The Physics of fMRI: Page 2 of 2
The Physics of fMRI: Page 2 of 2
You may recall from your undergraduate physics days that single unpaired protons “spin” on their axes—and do so along random orientations. The unstable spinning causes these positively charged particles, protons, to “wobble,” like tiny spinning tops undergoing their last few rotations (see Figure).
Why does a proton spin? You probably also remember that protons are made of quarks (a proton has 3 of them), each paired with its strange antiquark cousin. These quarks and their paired colleagues do not sit still inside a proton. They have intrinsic spins, too, a fact that was used in the old days to explain the motion of the proton. That turns out not to be true. The quarks also display “orbital” motions relative to each other; it is now clear that the proton spins in part because of these internal orbital motions. There may be other contributing factors as well. In the truly goofy world of the quantum subatomic, we now know that quark/antiquark pairs continually flit in and out of existence inside a proton. These appearances/disappearances also appear to contribute to a proton’s motion.
The fact that a charged particle like a proton is in motion leads to a prediction. As you know, any charge that is also moving in space produces a magnetic field.

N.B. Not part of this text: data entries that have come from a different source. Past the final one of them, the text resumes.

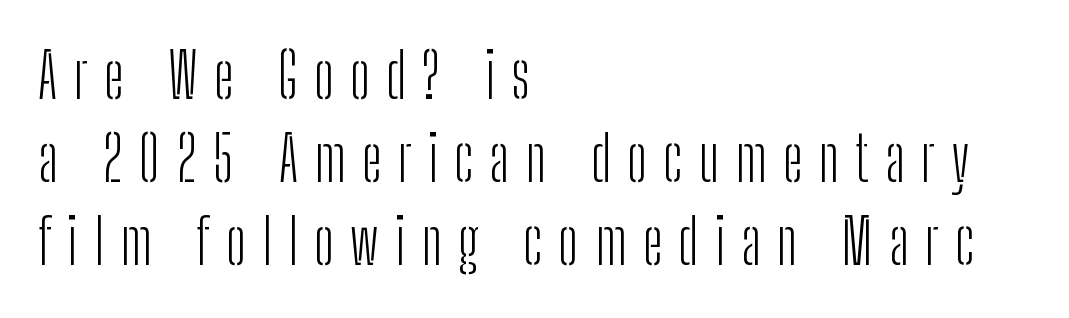
Notice how descenders clear the ascenders below comfortably — that's standard leading. Line beginnings align vertically; line endings do not. The designer went with a sans here, leaving each stem footless. The letterforms sit at book weight or below. Descenders hang freely into open space. A typesetter would mark this as roman, not italic.
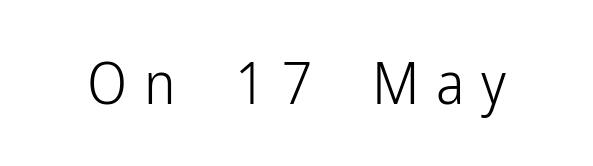
The image shows 59 px light, condensed sans-serif type, upright; set unusually wide letter spacing (+0.28 em), not underlined; low stroke contrast and a medium x-height.
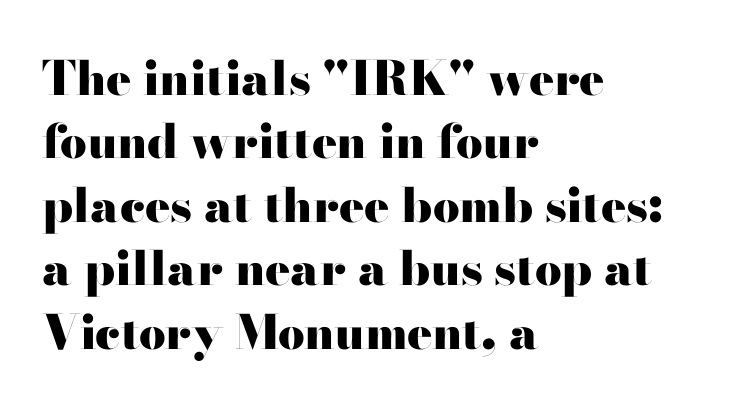
{"serif": "yes", "italic": "no", "bold": "yes", "weight": "heavy", "width": "wide", "stroke_contrast": "high", "x_height": "small", "monospaced": "no", "underline": "no", "align": "left", "line_spacing": "normal", "line_spacing_ratio": 1.35, "letter_spacing": "normal", "letter_spacing_em": 0.0, "glyph_px": 47}
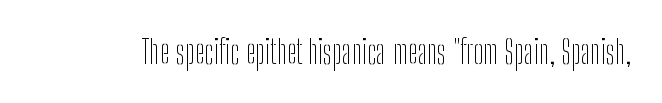
{"serif": "no", "italic": "no", "bold": "no", "weight": "thin", "width": "condensed", "stroke_contrast": "low", "x_height": "medium", "monospaced": "no", "underline": "no", "letter_spacing": "normal", "letter_spacing_em": 0.0, "glyph_px": 33}
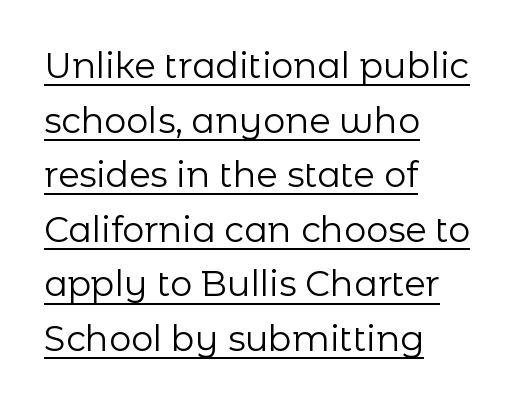
{"serif": "no", "italic": "no", "bold": "no", "weight": "regular", "width": "normal", "stroke_contrast": "low", "x_height": "medium", "monospaced": "no", "underline": "yes", "align": "left", "line_spacing": "normal", "line_spacing_ratio": 1.56, "letter_spacing": "normal", "letter_spacing_em": 0.0, "glyph_px": 35}
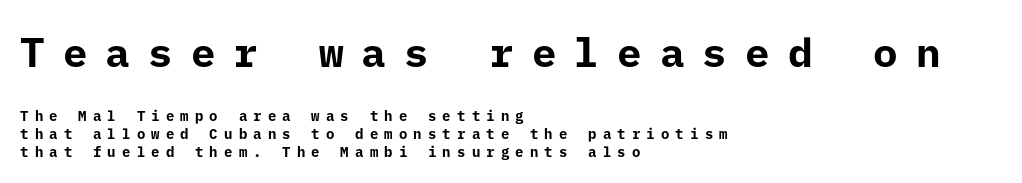
Q: Is the text bold? A: Yes.
Q: Is the text italic (slanted)? A: No, it is upright.
Q: Is the typeface a serif or a sans-serif typeface? A: Sans-serif.
Q: Is the text underlined? A: No.
Q: How is the paragraph aligned? A: Left-aligned.
Q: Is the spacing between letters normal or unusually wide? A: Unusually wide.
Q: Is the spacing between lines tight, normal or loose? A: Normal.
Q: Which block of text is set in a larger size, the first (top) or the second (bottom)? A: The first (top) one.
Q: Width (condensed, normal, or wide)? A: Normal.
Q: Stroke contrast? A: Low.
Q: x-height? A: Medium.
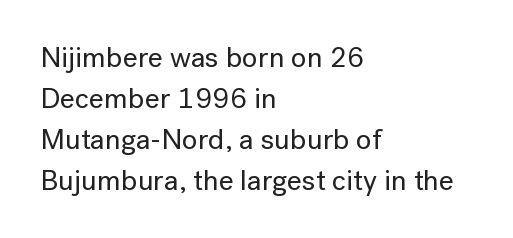
{"serif": "no", "italic": "no", "width": "normal", "stroke_contrast": "low", "x_height": "medium", "monospaced": "no", "underline": "no", "align": "left", "line_spacing": "normal", "line_spacing_ratio": 1.41, "letter_spacing": "normal", "letter_spacing_em": 0.0, "glyph_px": 29}
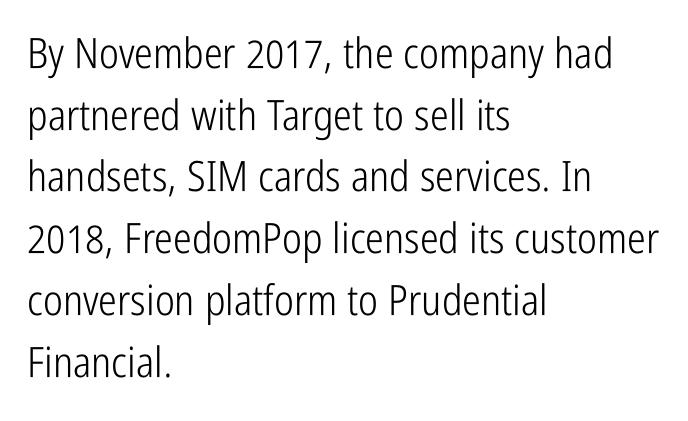
The image shows 42 px light, condensed sans-serif type, upright; set left-aligned, normal line spacing (1.47x), normal letter spacing, not underlined; low stroke contrast and a medium x-height.
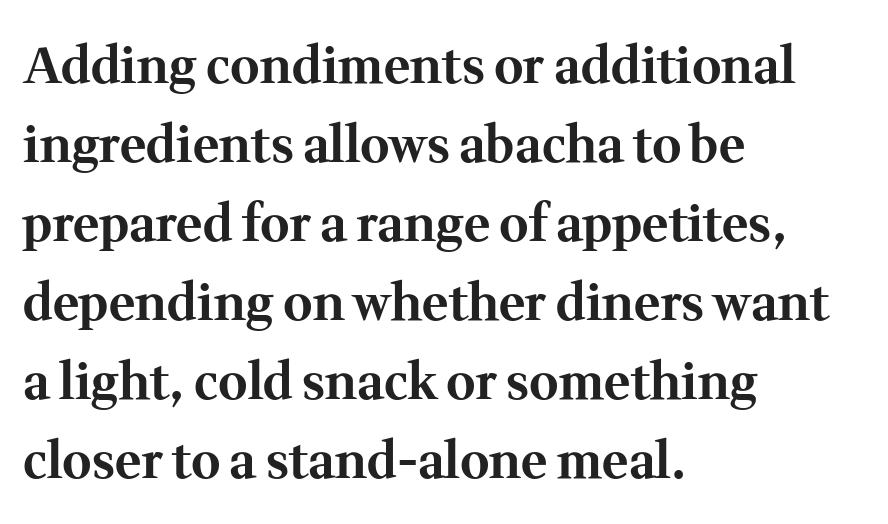
{"serif": "yes", "italic": "no", "bold": "yes", "weight": "bold", "width": "normal", "stroke_contrast": "medium", "x_height": "medium", "monospaced": "no", "underline": "no", "align": "left", "line_spacing": "normal", "line_spacing_ratio": 1.58, "letter_spacing": "normal", "letter_spacing_em": 0.0, "glyph_px": 50}
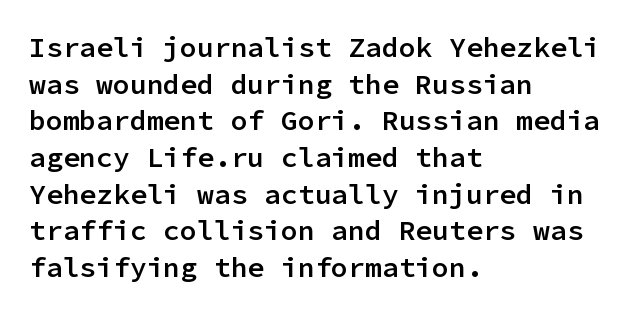
Q: Is the text bold? A: Semi-bold.
Q: Is the text italic (slanted)? A: No, it is upright.
Q: Is the typeface a serif or a sans-serif typeface? A: Sans-serif.
Q: Is the text underlined? A: No.
Q: How is the paragraph aligned? A: Left-aligned.
Q: Is the spacing between letters normal or unusually wide? A: Normal.
Q: Is the spacing between lines tight, normal or loose? A: Normal.
Q: Width (condensed, normal, or wide)? A: Normal.
Q: Stroke contrast? A: Low.
Q: x-height? A: Medium.
Q: Monospaced? A: Yes.
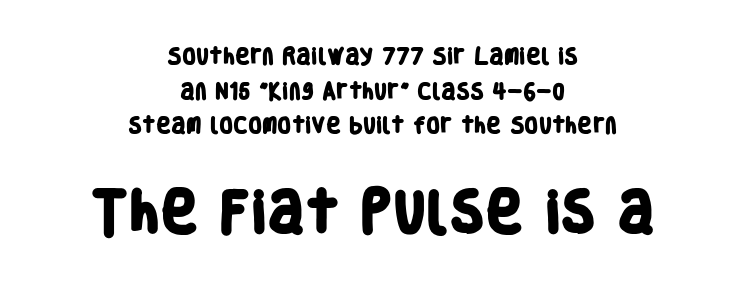
The image shows 46 px heavy, condensed sans-serif type; set centered, loose line spacing (1.93x), normal letter spacing, not underlined; the second (bottom) block is 2.56x larger; low stroke contrast and a large x-height.
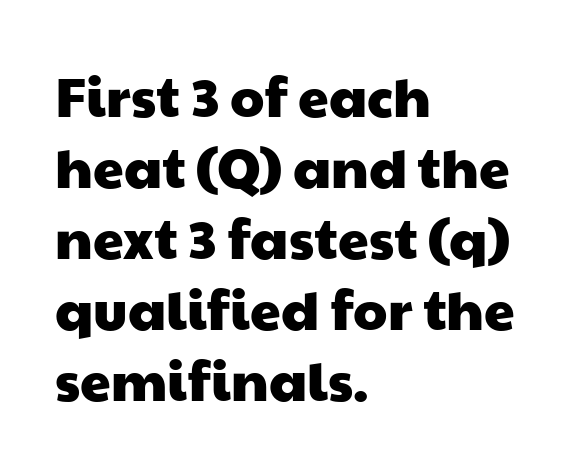
The image shows 55 px wide sans-serif type; set left-aligned, normal line spacing (1.29x), normal letter spacing, not underlined; low stroke contrast and a medium x-height.
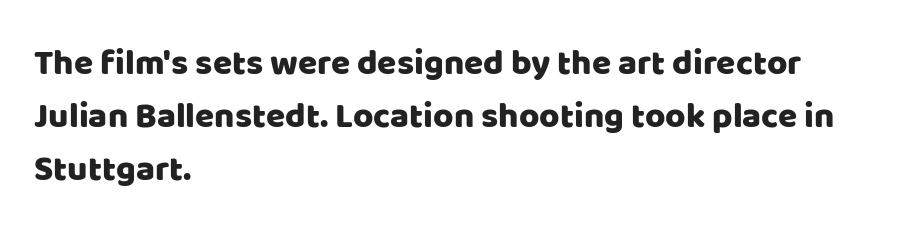
Q: Is the text italic (slanted)? A: No, it is upright.
Q: Is the typeface a serif or a sans-serif typeface? A: Sans-serif.
Q: Is the text underlined? A: No.
Q: How is the paragraph aligned? A: Left-aligned.
Q: Is the spacing between letters normal or unusually wide? A: Normal.
Q: Is the spacing between lines tight, normal or loose? A: Normal.
Q: Width (condensed, normal, or wide)? A: Normal.
Q: Stroke contrast? A: Low.
Q: x-height? A: Large.
Q: Monospaced? A: No.
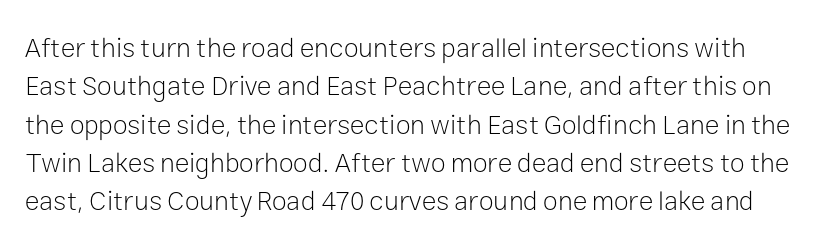
The image shows 27 px text type, upright; set normal line spacing (1.42x), normal letter spacing, not underlined.
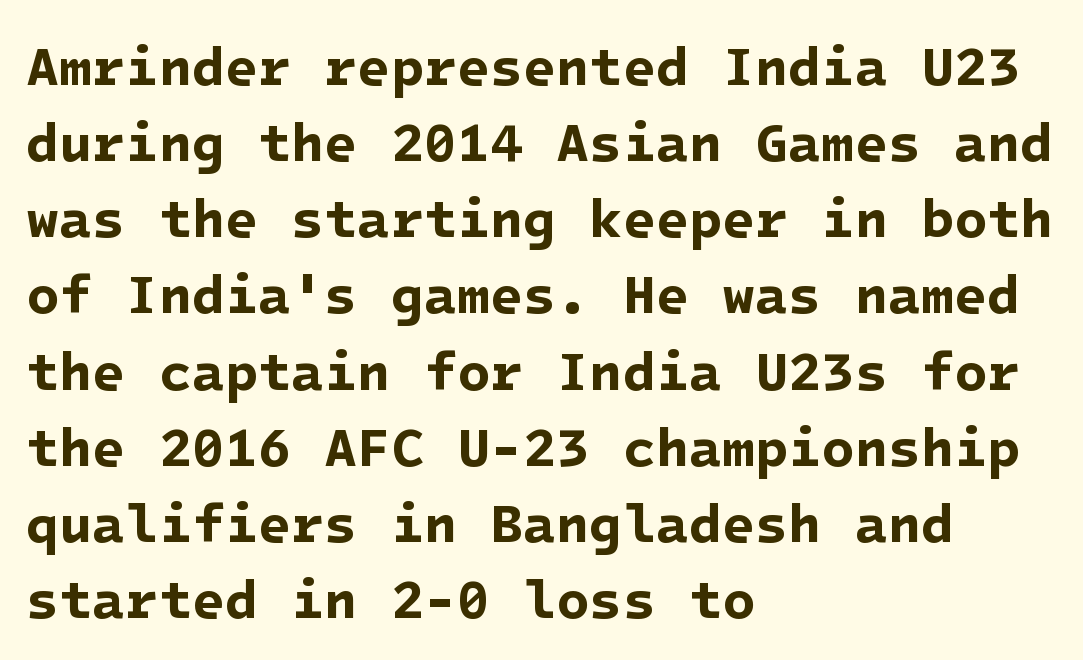
Compared with an ordinary text face, these strokes are far heavier — a full bold. Quick note: underline off. This sample uses a sans-serif face. The ragged edge is on the right, which tells us the setting is flush left. Inter-character spacing is left at the font's built-in metrics. Is there much room between lines? A standard amount, neither cramped nor airy.
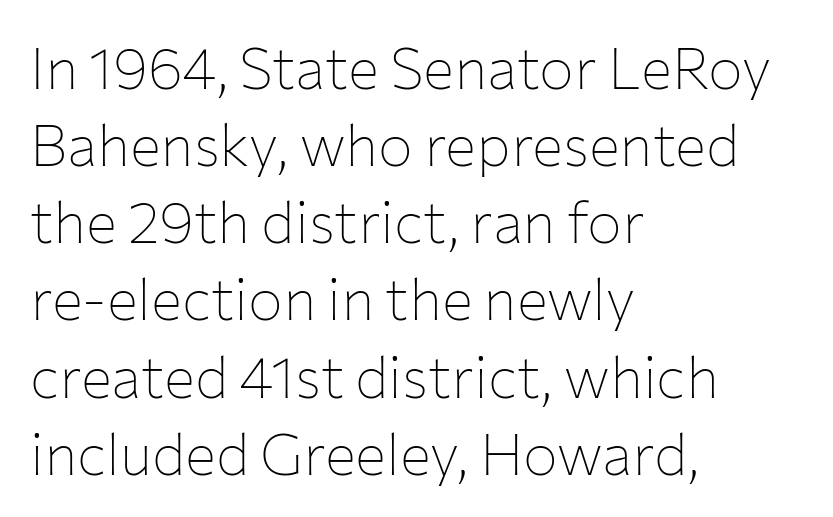
Q: Is the text bold? A: No.
Q: Is the text italic (slanted)? A: No, it is upright.
Q: Is the typeface a serif or a sans-serif typeface? A: Sans-serif.
Q: Is the text underlined? A: No.
Q: How is the paragraph aligned? A: Left-aligned.
Q: Is the spacing between letters normal or unusually wide? A: Normal.
Q: Is the spacing between lines tight, normal or loose? A: Normal.
Q: Width (condensed, normal, or wide)? A: Normal.
Q: Stroke contrast? A: Low.
Q: x-height? A: Medium.
Q: Monospaced? A: No.
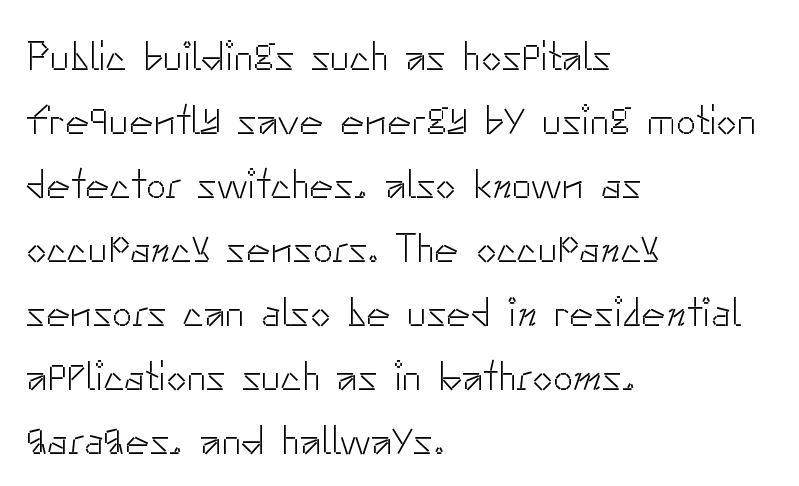
{"serif": "no", "italic": "no", "bold": "no", "weight": "light", "width": "normal", "stroke_contrast": "low", "x_height": "small", "monospaced": "no", "underline": "no", "align": "left", "line_spacing": "normal", "line_spacing_ratio": 1.56, "letter_spacing": "normal", "letter_spacing_em": 0.0, "glyph_px": 41}
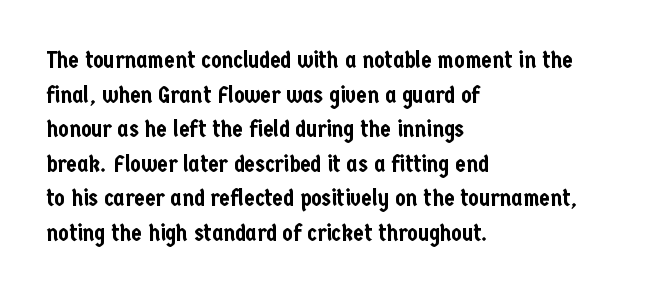
Q: Is the text italic (slanted)? A: No, it is upright.
Q: Is the text underlined? A: No.
Q: How is the paragraph aligned? A: Left-aligned.
Q: Is the spacing between letters normal or unusually wide? A: Normal.
Q: Is the spacing between lines tight, normal or loose? A: Normal.
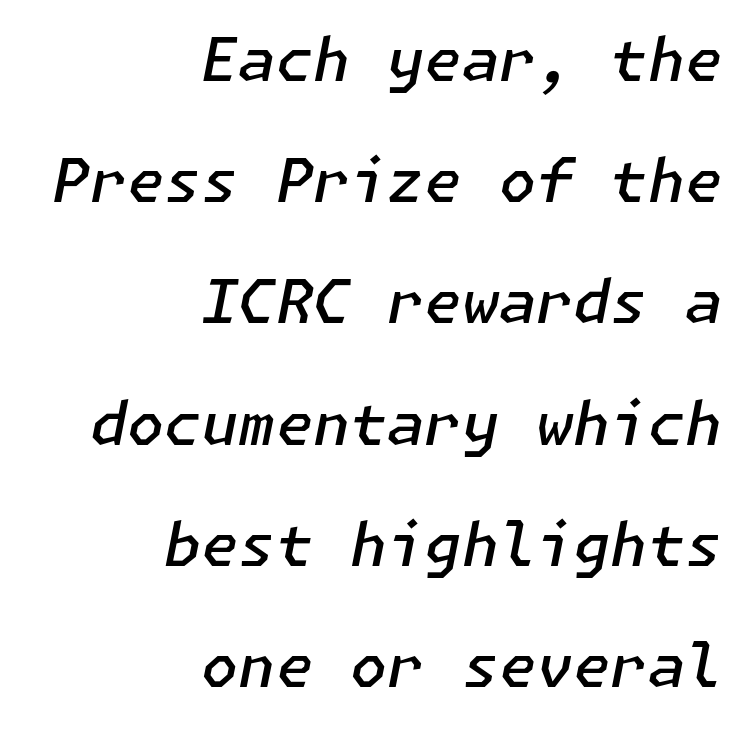
Q: Is the text bold? A: Semi-bold.
Q: Is the text italic (slanted)? A: Yes, it leans right by about 11 degrees.
Q: Is the text underlined? A: No.
Q: How is the paragraph aligned? A: Right-aligned.
Q: Is the spacing between letters normal or unusually wide? A: Normal.
Q: Is the spacing between lines tight, normal or loose? A: Loose.
Q: Width (condensed, normal, or wide)? A: Normal.
Q: Stroke contrast? A: Low.
Q: x-height? A: Medium.

Wobbly protons are by definition moving charged particles, even if held in the relatively firm grips of the molecules in which they are embedded (the classic example is hydrogen nuclei). As a result, these embedded-but-wiggly protons set up lilliputian magnetic fields. You can think of these protons as tiny bar magnets. Tissues in the human body are filled with hydrogen nuclei. They are thus filled with tiny bar magnets.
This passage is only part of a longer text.